Wendy: An old song says it best ... "Christmas is coming ... time to remember the poor." Although most people can agree with the sentiment in principle, when it comes to putting it into practice, Melvin Fleeger has a different idea.

Melvin: Oh, I believe in helping the poor. They certainly need it. But when Christmas comes, I always make it a point to do something special for the rich. The richer the better. I love to surprise 'em.

Wendy: He's not kidding. This year, Melvin Fleeger will make over 100 Holiday Baskets and will leave them on the doorsteps of wealthy people in affluent suburbs.

Melvin: (sorting through basket) Soaps. Safety pins. Breath mints. A blanket or a towel. Mittens. The kind of stuff that's important to me. Matches.

Wendy: But the people you're giving these things to ... don't need anything.

Melvin: Oh, I suppose. But ... does anybody ever NOT need socks?

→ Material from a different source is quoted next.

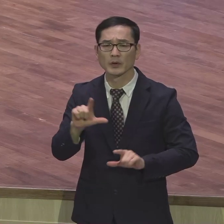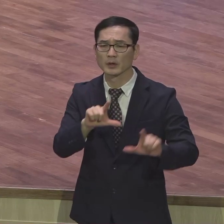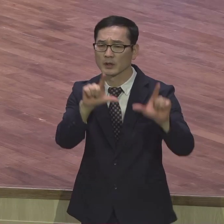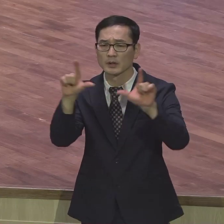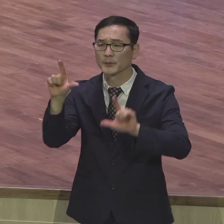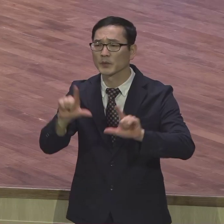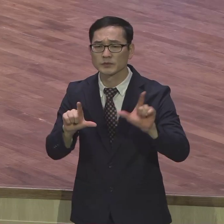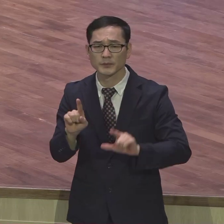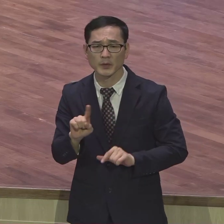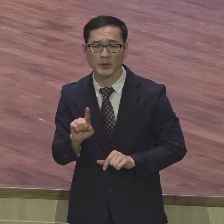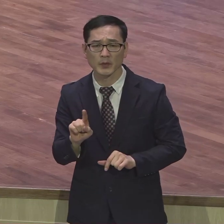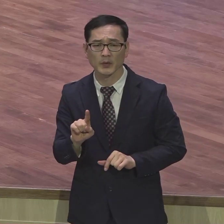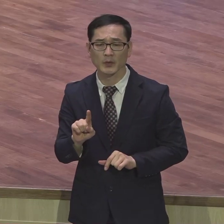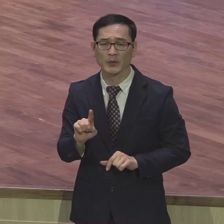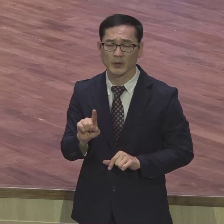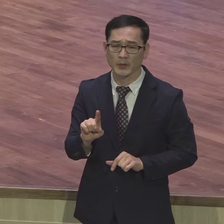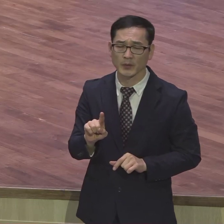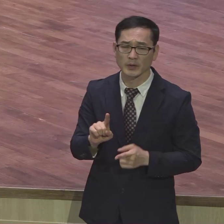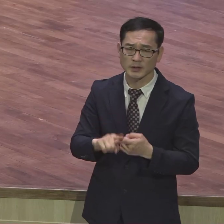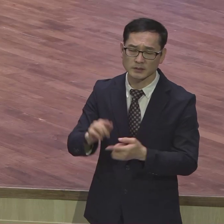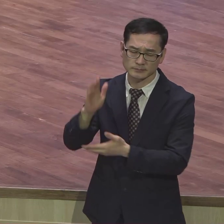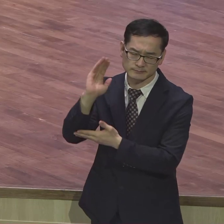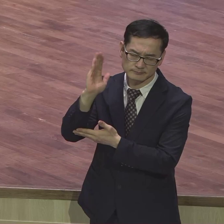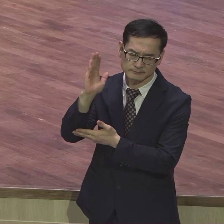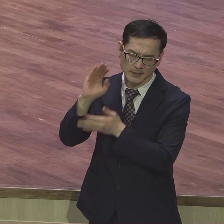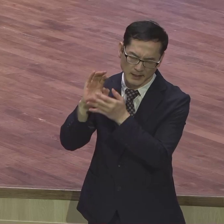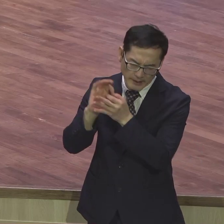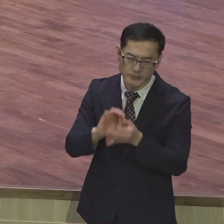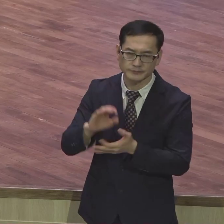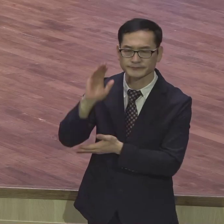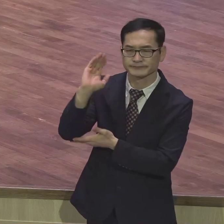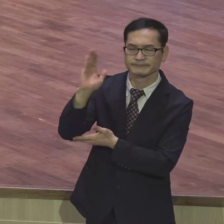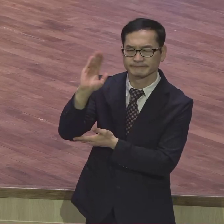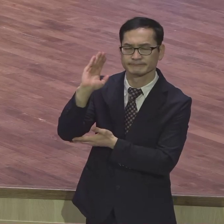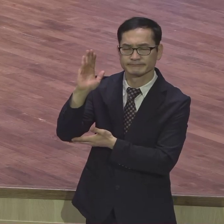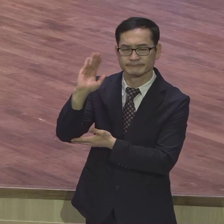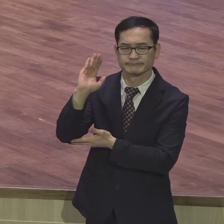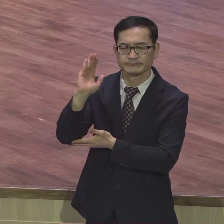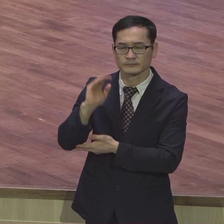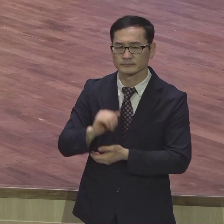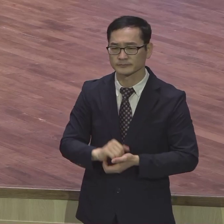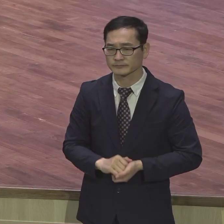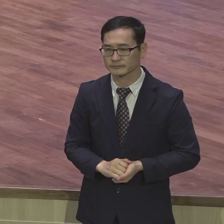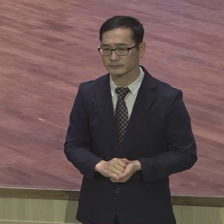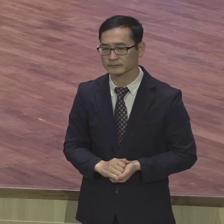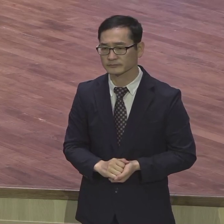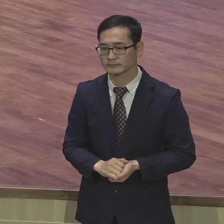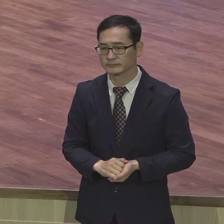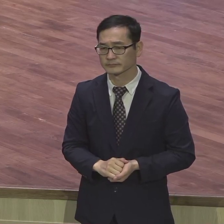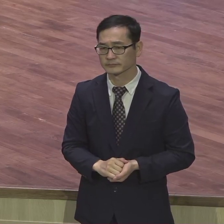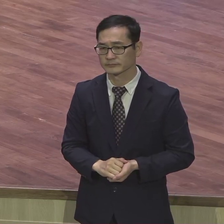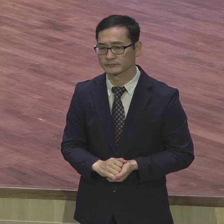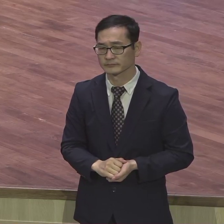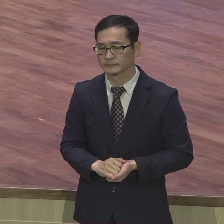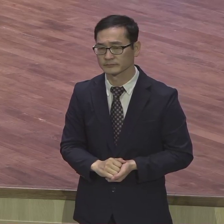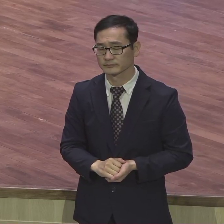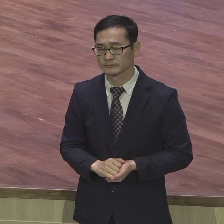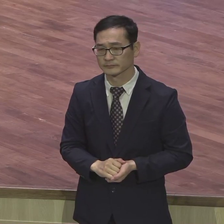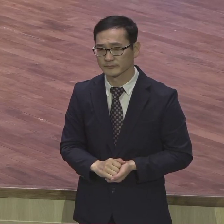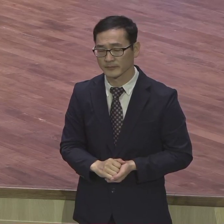그것에 관해서 계속 메시지를 주고 있습니다 이 부분에 하나님께서 왜 교회를 세웠는가에 대한
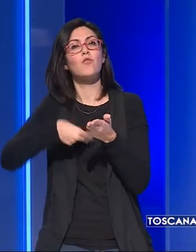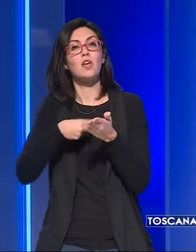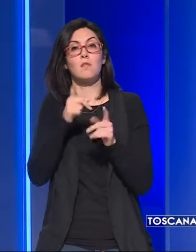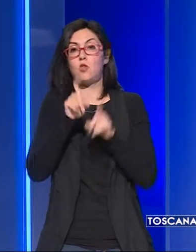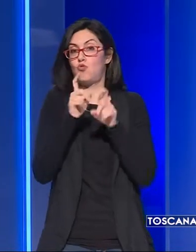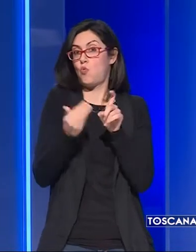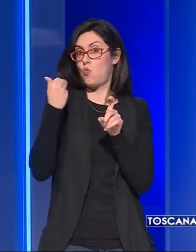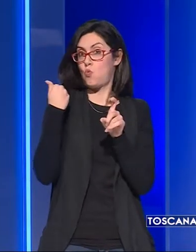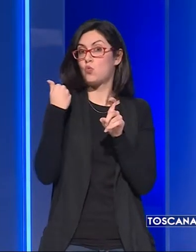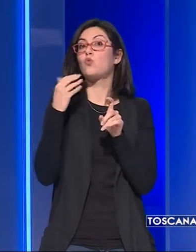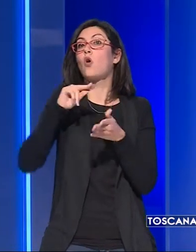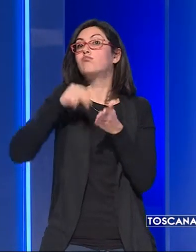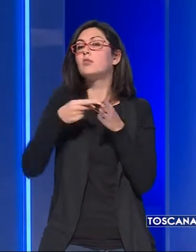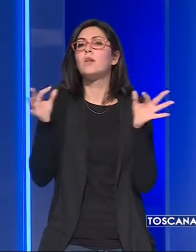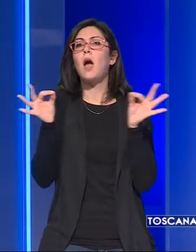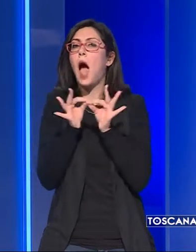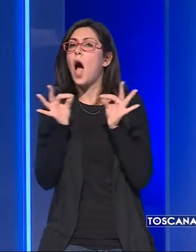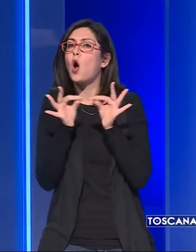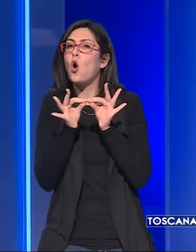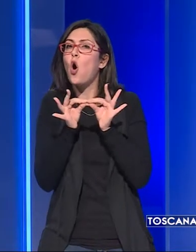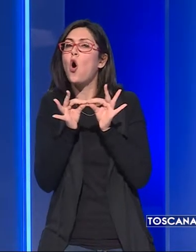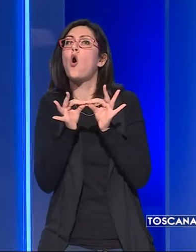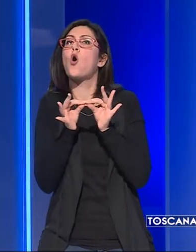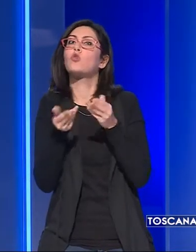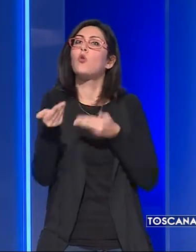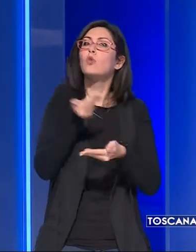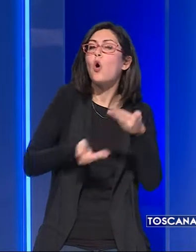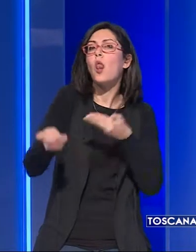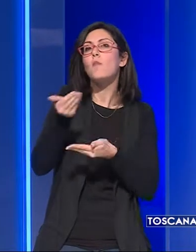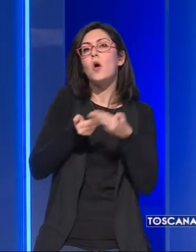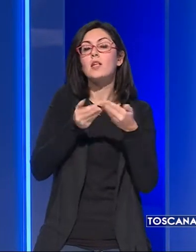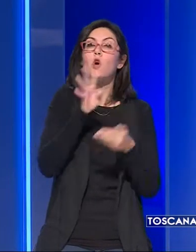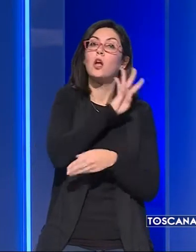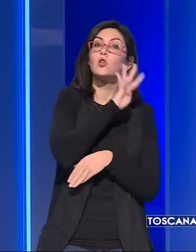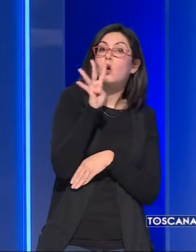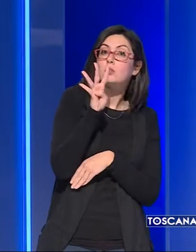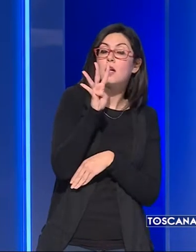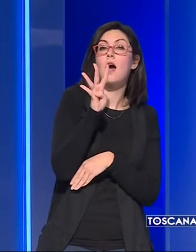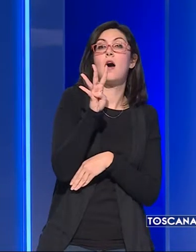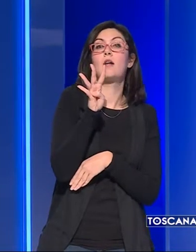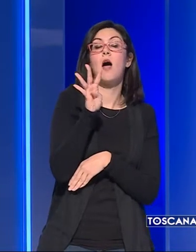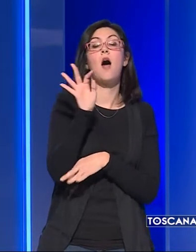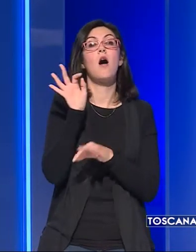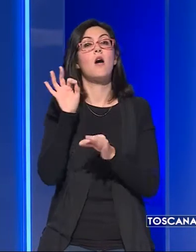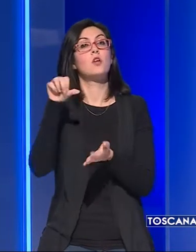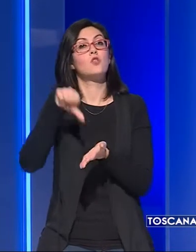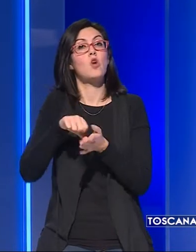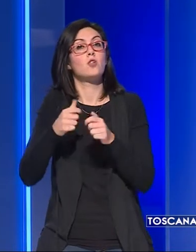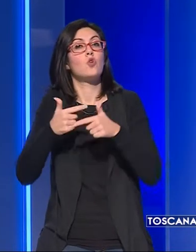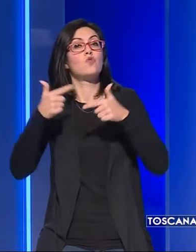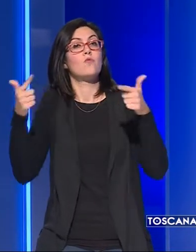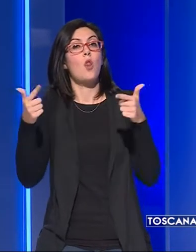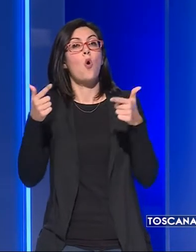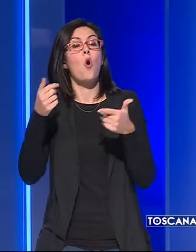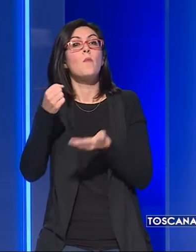scorso di un accordo quadro di collaborazione tra la Toscana e il Centro per lo sviluppo delle

Wendy: For Melvin Fleeger, it isn't about "need." His generosity to the rich has it's roots elsewhere. Irma Jean, Melvin's wife for the past 34 years, says her husband's way of celebrating sets him apart.

Imra Jean: I've been trying to get him put in an institution for the last decade or so. Nobody seems to think he's that bad, but ... he sent Bill Gates a pair of earmuffs! There's something wrong there.

Wendy: Why did you do that, Melvin?

Melvin: I was just showing that ... no matter how big Bill Gates is, he's still not so big that he's above getting a gift from me. I also bought a tie tack for Don Trump. And a fruit basket for the Sultan of Brunei.

B Marty: It's not an unusual motivation, Ms. Vapors.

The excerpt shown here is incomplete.